DDI-CDI is designed for the purpose of cross-domain integration. It is modeled to support the goals of discovering and accessing data from multiple disciplines and providing the pieces of information required to accurately integrate that data in an automated way. The datum is core to the DDI-CDI model with clear links to the information within the Variable Cascade, Unit Cascade, and Value Domains. It includes processing information on the creation of the data as well as processing integration actions. Links are provided to existing DDI-Codebook or DDI-Lifecycle metadata for added information on provenance, methodologies, and data capture processes.
XKOS manages the management, versioning, and publication of Statistical Classifications. The online provision of structured RDF/OWL statistical classifications encourages their use by a wide range of data producers. Statistical classifications published by the managing organization ensure that the content is up-to-date supporting access to and integration of data from multiple sources.
SDTL tracks the relationship between original data sets and their subsidiaries by capturing the process of data selection, integration, and the generation of new data sets.
DISCO, an unpublished product of DDI, is an RDF expression of key elements from DDI-Codebook and DDI-Lifecycle commonly found in search systems used to identify, locate, and access data.
DDI-Codebook was developed by data archivists and producers initially for use within the data archive community.
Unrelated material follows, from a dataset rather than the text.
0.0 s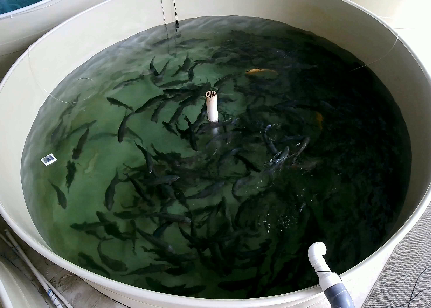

In addition to the traditional “codebook” content of variable names, labels, universe, unit type, value domain, and storage locations, DDI-Codebook provided information on the storage location of the data set, the purpose of the data, topical, spatial, and temporal coverage of the data, source and producer information, and information on the archive managing the data and making it available to researchers. Throughout DDI-Codebook, the archive was able to tag added content provided by the archive and differentiate it from that obtained from the source.
DDI-Lifecycle added an additional section of metadata that allowed the archive to track and manage their metadata and provide a complete provenance chain as well as access to the individuals and organizations who contributed to or managed the data and metadata. It allows capture of access restrictions imposed by the producer or implemented by the archive and links content elements to those restrictions or procedures for access. DDI-Lifecycle also added a section that supports clear content management of the deposited metadata as well as the additions or alterations made by the archive over the life of the data/metadata.